Throughout this book, I have explored how China has managed its transformation from a poor and isolated country into the world’s second-largest economy. I have argued that maintaining controls on capital movements and pegging the renminbi to the dollar suited China’s growth model and pattern of development but also cemented the renminbi as a dwarf currency with little traction in international markets. China is now changing this.
The Chinese leadership’s ambition is not to rival and eventually displace the dollar at the top of the international monetary system but rather to provide an alternative and let people choose. The alternative to the current dollar system is a multicurrency system that reflects the multipolarity of the global economic order—no longer with the United States as the economic super-power. The key question, for which there is no answer yet, is whether this system will be truly complementary or whether different standards—for instance, incompatible payment systems—will result in a fundamental fragmentation. China has developed its economy and engineered its transformation within the dollar system. On many occasions, it has signaled its willingness to go along with the existing, but reformed, multilateral financial institutions such as the IMF and the World Bank.

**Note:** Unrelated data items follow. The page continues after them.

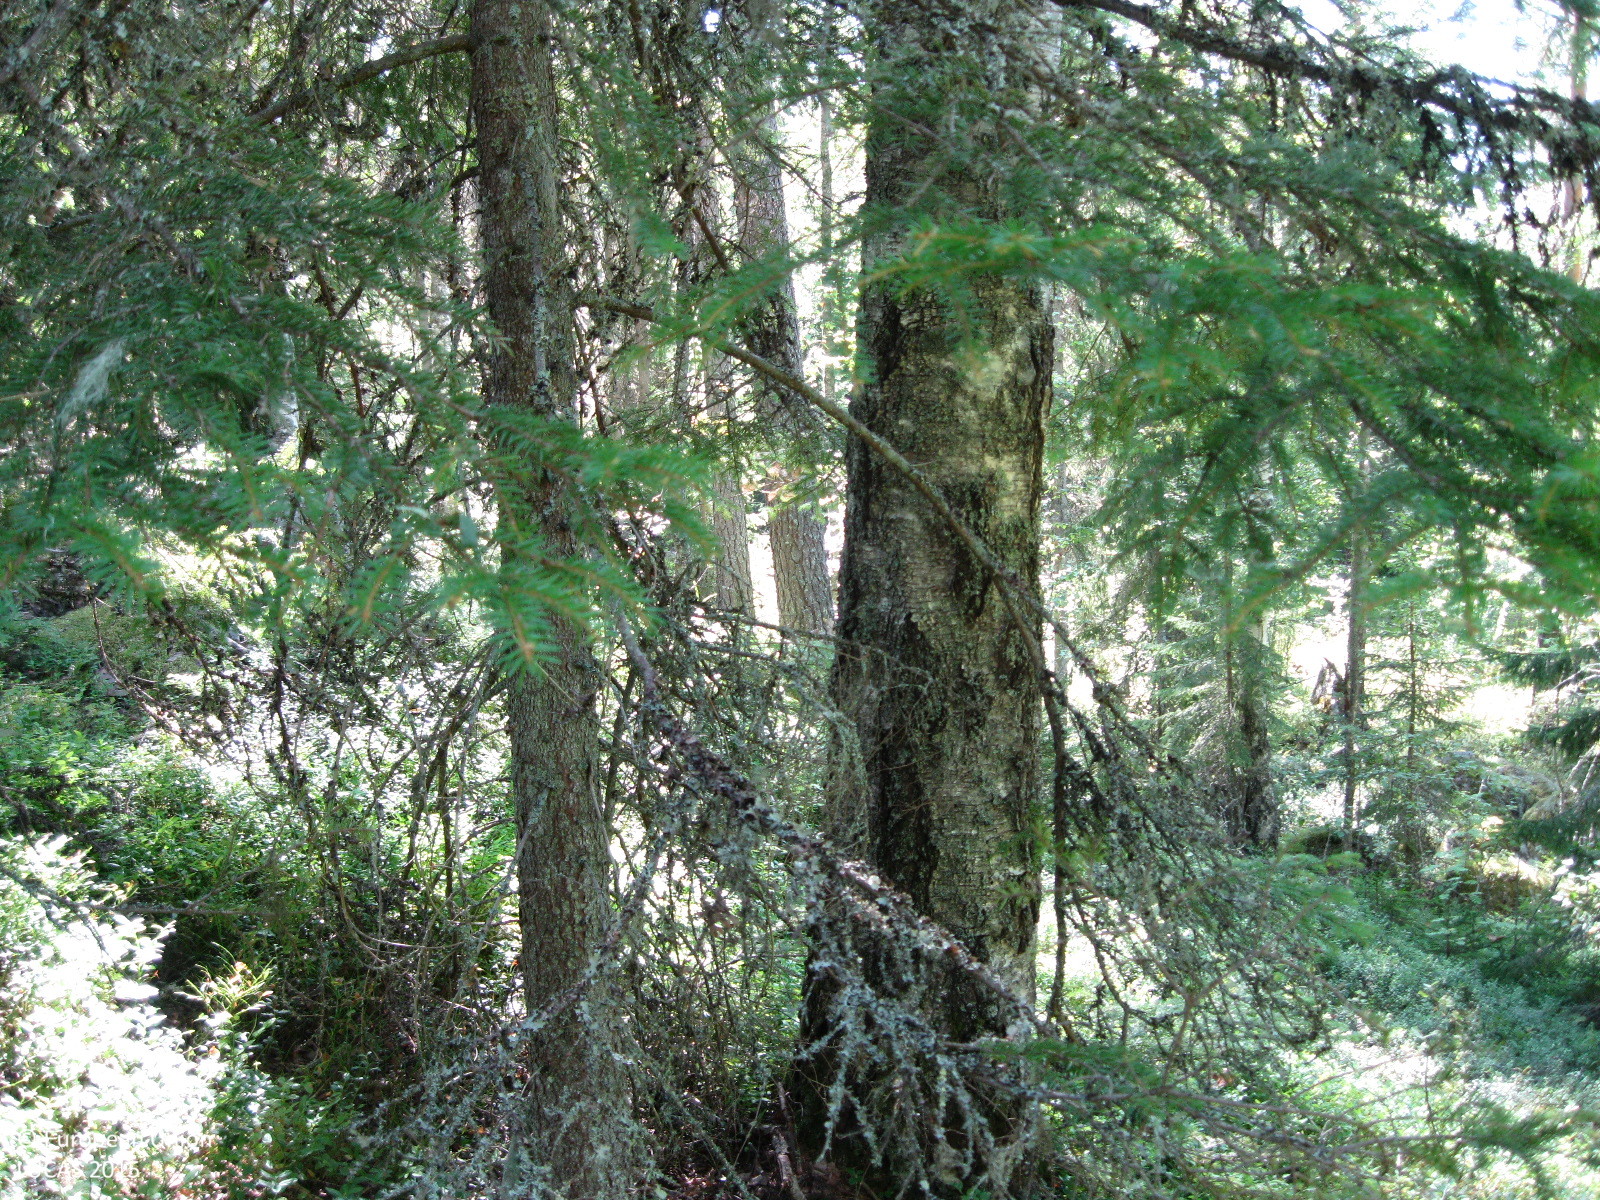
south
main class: Woodland
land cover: Other mixed woodland
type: boreal forest
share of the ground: 25 - 50 %
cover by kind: shrubs 50 %, coniferous forest trees 30 %, broadleaved forest trees 10 %, herbaceous plants 10 %
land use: Forestry
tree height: > 5 m
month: August
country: FI
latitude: 61.3347
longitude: 25.0432
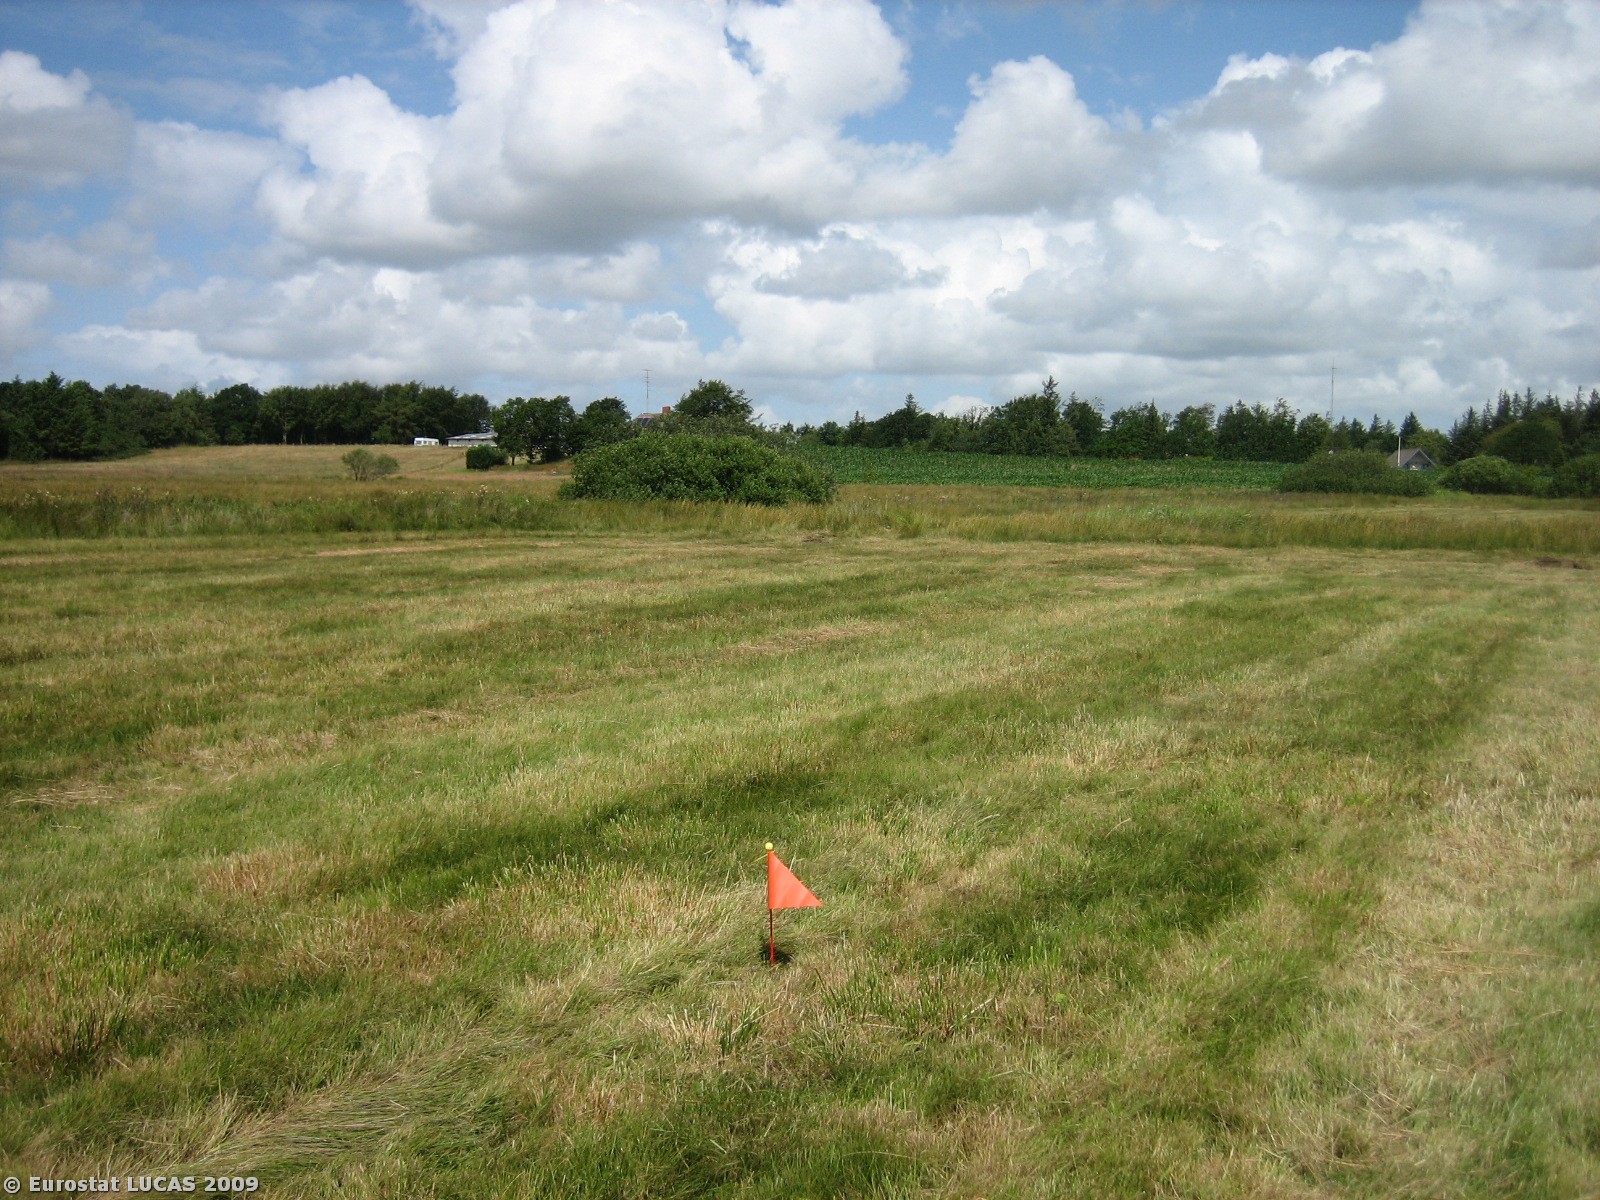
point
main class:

At the same time, China has been active in promoting regional multilateral organizations such as the Asian Infrastructure Investment Bank (AIIB). In Asia, the renminbi has already started to break the dominance of the dollar, and initiatives such as the AIIB, the New Development Bank, and the plan to build road and maritime links between Asia and Europe can ensure the renminbi’s regional dominance. In addition to the economic argument that demand for infrastructure investment in Asia is large enough to accommodate another development bank in the region, there is an important geopolitical dimension. The new bank may be seen as a counterweight to the influence of the Asian Development Bank (ADB). The ADB’s main shareholders are the United States and Japan. China holds limited influence.

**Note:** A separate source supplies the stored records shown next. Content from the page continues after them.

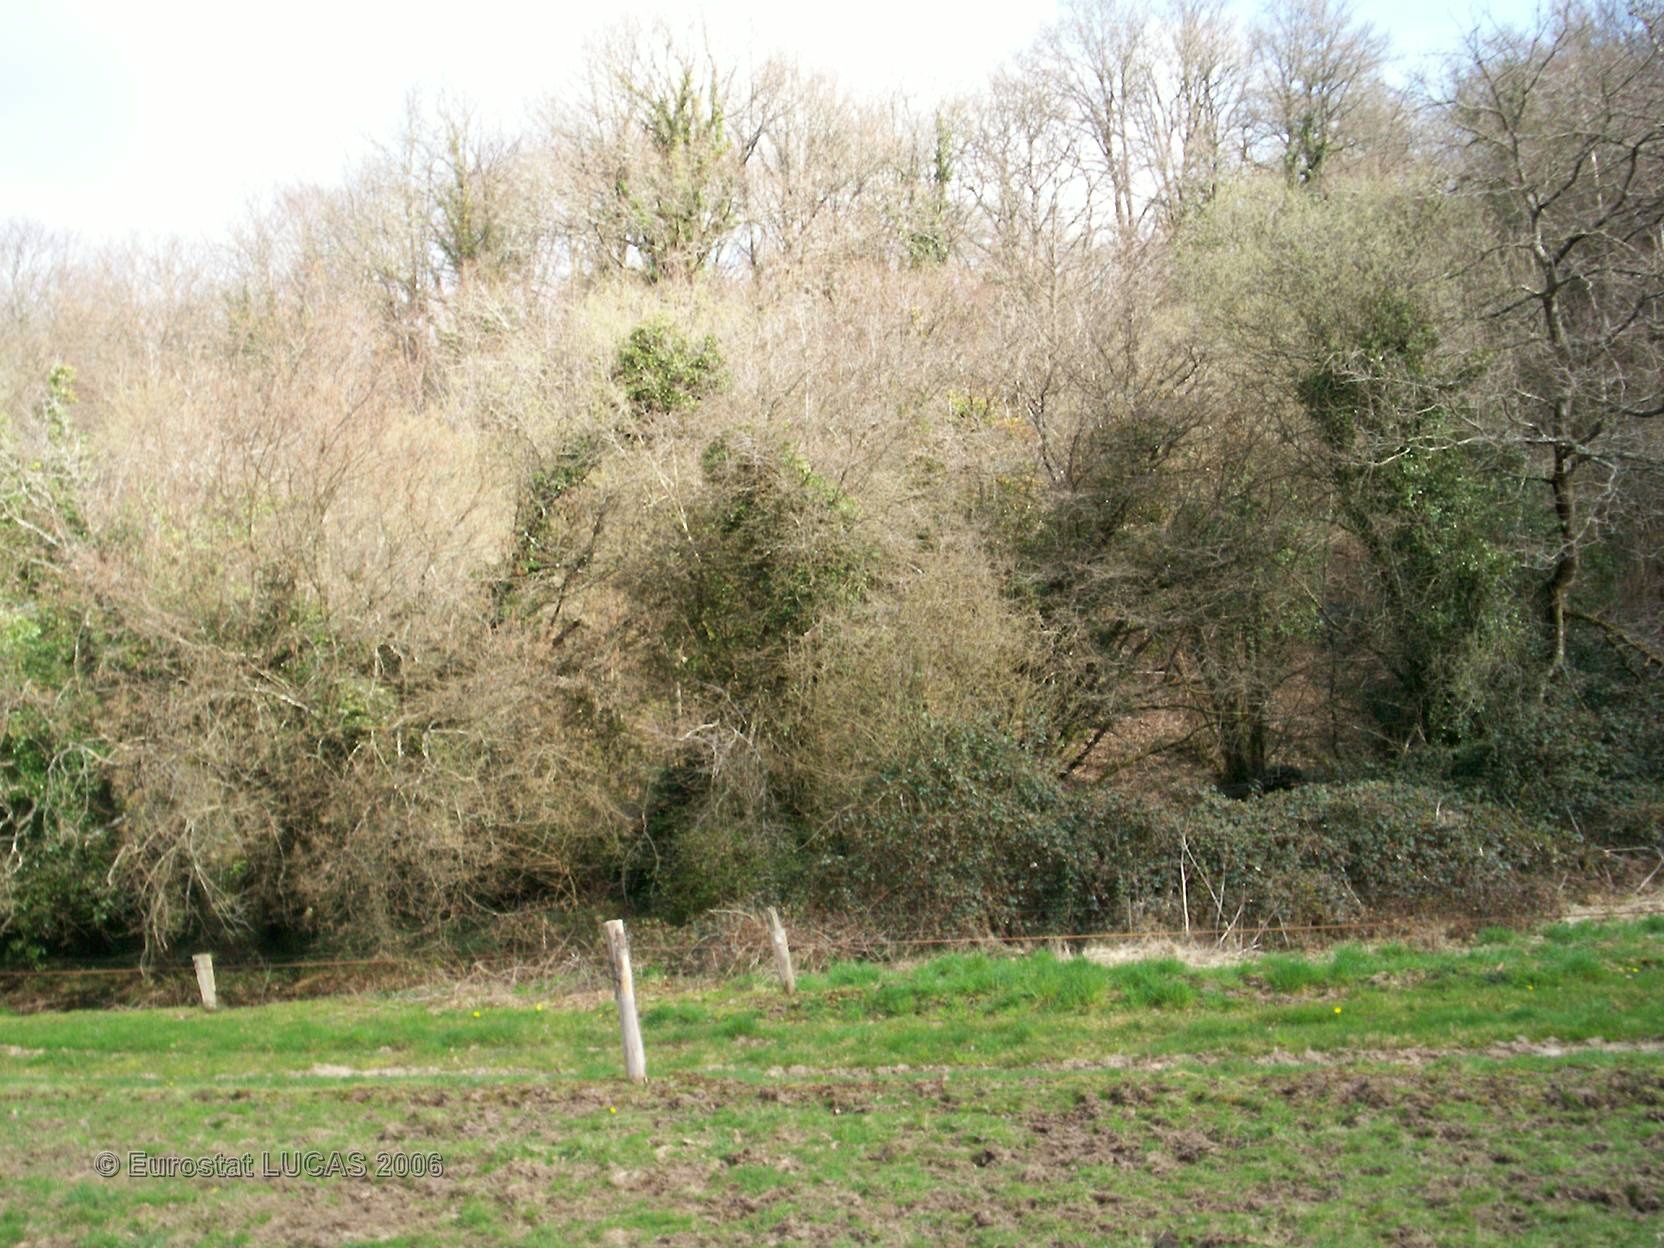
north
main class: Grassland
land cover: Grassland without tree/shrub cover
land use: Agriculture (excluding fallow land and kitchen gardens)
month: April
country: FR
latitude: 48.0590
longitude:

We are at an interesting juncture for the governance of the world economy. In 2015, China showed its willingness to shape international economic governance, with the launch of AIIB, and was welcomed in, with the inclusion of the renminbi in the IMF’s SDR basket. The country’s leadership is eager to work toward a new model of governance that no longer emanates from Washington, D.C., and the Bretton Woods institutions. Will China succeed in steering efforts toward building “an innovative, invigorated, interconnected and inclusive world economy,” as President Xi Jinping announced in December 2015 during the inaugural speech of his country’s 2016 Group of 20 (G20) presidency? In other words, will the United States and Europe—notably, Britain, Germany, and France—be willing to reform a governance framework that goes back to the years after World War II and make space for the so-called emerging powers?
There are two roads to the age of Chinese money. One road may lead to fragmented governance, conflicting trade and investment standards, and two blocs—the dollar bloc and the renminbi bloc—facing off against each other. The other may lead to a world that is more open, more integrated, and more peaceful. It is not clear which road the world will travel, but either way, the renminbi is here to stay.